AbstractOpenOffice.org, Unicode-enabled itself, allows to access non-Unicode (8-Bit) databases. Thus when transfering string data from connections to such databases, OOo must convert the data into UniCode. For this, the user can specify which character set to use for this conversion.
Character sets are specified per data source. This means that in the data source administration dialog, there is an option where the user chooses a character set to use for every connection created for a data source.
The Character Sets setting is available for the following data source types: Adabas, ODBC, dBase, Text, MySQL (when adapted via ODBC, see the MySQL spec)
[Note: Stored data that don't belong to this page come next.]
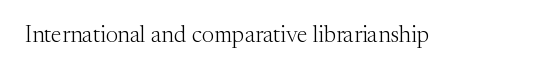
Q: Is the text bold? A: No.
Q: Is the text italic (slanted)? A: No, it is upright.
Q: Is the text underlined? A: No.
Q: Is the spacing between letters normal or unusually wide? A: Normal.
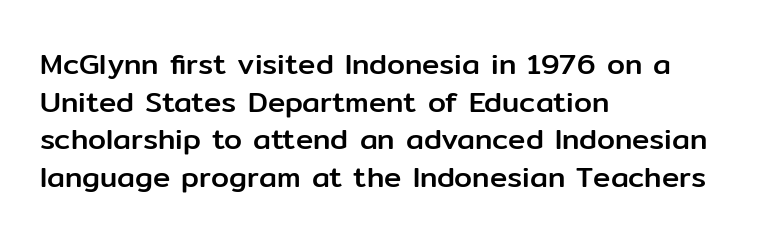
{"serif": "no", "italic": "no", "width": "normal", "stroke_contrast": "low", "x_height": "medium", "monospaced": "no", "underline": "no", "align": "left", "line_spacing": "normal", "line_spacing_ratio": 1.3, "letter_spacing": "normal", "letter_spacing_em": 0.0, "glyph_px": 29}
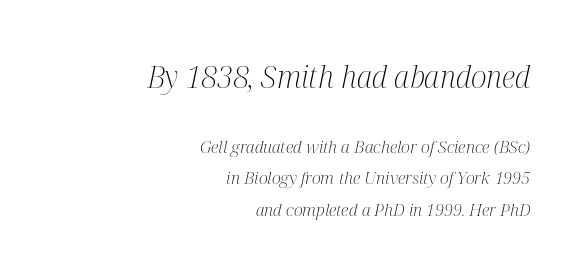
The image shows 30 px light, condensed serif type, italic (leaning right); set right-aligned, line spacing 1.84x, normal letter spacing, not underlined; the first (top) block is 1.76x larger; medium stroke contrast and a medium x-height.
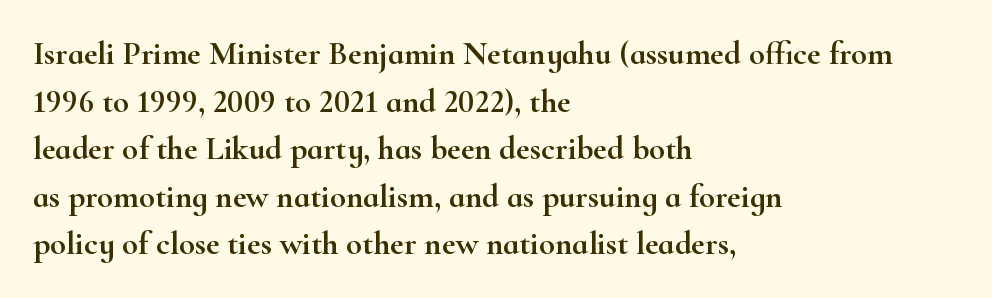
Q: Is the text italic (slanted)? A: No, it is upright.
Q: Is the typeface a serif or a sans-serif typeface? A: Serif.
Q: Is the text underlined? A: No.
Q: How is the paragraph aligned? A: Left-aligned.
Q: Is the spacing between letters normal or unusually wide? A: Normal.
Q: Is the spacing between lines tight, normal or loose? A: Normal.
Q: Width (condensed, normal, or wide)? A: Wide.
Q: Stroke contrast? A: High.
Q: x-height? A: Small.
Q: Monospaced? A: No.
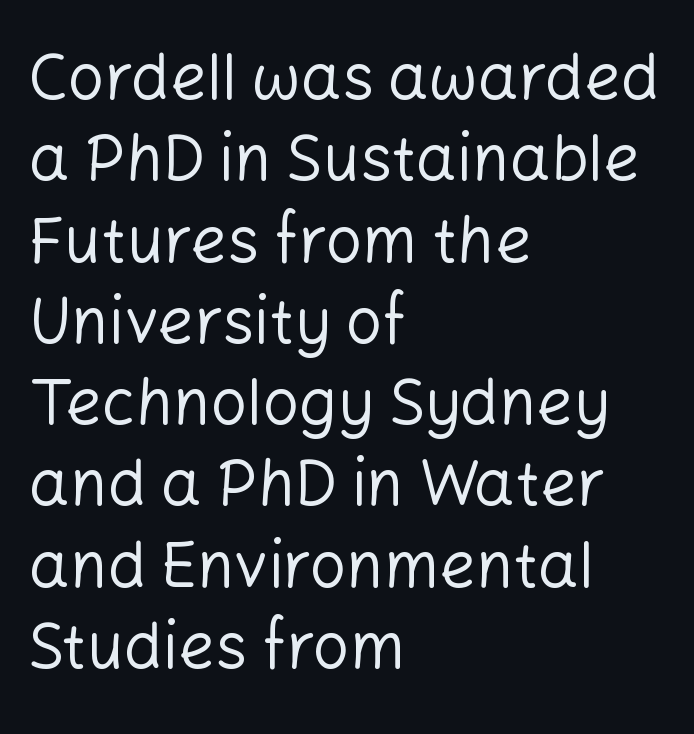
Q: Is the text bold? A: No.
Q: Is the text italic (slanted)? A: No, it is upright.
Q: Is the typeface a serif or a sans-serif typeface? A: Sans-serif.
Q: Is the text underlined? A: No.
Q: How is the paragraph aligned? A: Left-aligned.
Q: Is the spacing between letters normal or unusually wide? A: Normal.
Q: Is the spacing between lines tight, normal or loose? A: Normal.
Q: Width (condensed, normal, or wide)? A: Normal.
Q: Stroke contrast? A: Low.
Q: x-height? A: Medium.
Q: Monospaced? A: No.

In general (with on exception, see below), only character sets which are part of the respective IANA-standard can be supported by StarOffice. The reason for this is that character sets need to be transported via UNO, and instead of defining an own standard for naming them, we decided to use the most comprehensive standard available - IANA.
OpenOffice.org versions up to 1.0.x supported only a very limited set of character sets, namely windows-1252, macintosh, IBMPC 437, ~850,~860,~861,~863,~865,~866, UTF-8 and Big5-HKSCS.
The display names of the character sets are the usual names as used in other places, too (for instance "Tools/Options/Load/Save/HTML compatibility/Character Set").
There is one "virtual" character set named "System". Choosing this just means that the current system character set is used, so the user does not need to care for an explicit setting. This is the default when creating new data sources. For Text and dBase data sources, all text encodings which do not have a constant character size are forbidden. For instance, UTF-8 uses a different number of bytes to code different characters – thus UTF-8 and all character sets with the same characteristics are not allowed for dBase and Text.
Consider a character set which, in the current environment or for the current data source type, is not available. First, this means that the list box for selecting the character sets does not display it. If, however, the user changed the character set for a data source by other means than our UI, then we fallback to “System encoding”, means instead of the invalid encoding “System” is displayed.
Since OpenOffice.org 1.1, this list has been extended. For compatibility reasons, the encodings above form the very minimal set of required encodings.
Nowadays, OOo data sources support every encoding which is known to OOo in general, and which is a valid IANA name. This list is much too large to cite it here completely, and it can be extended in the future without further notice.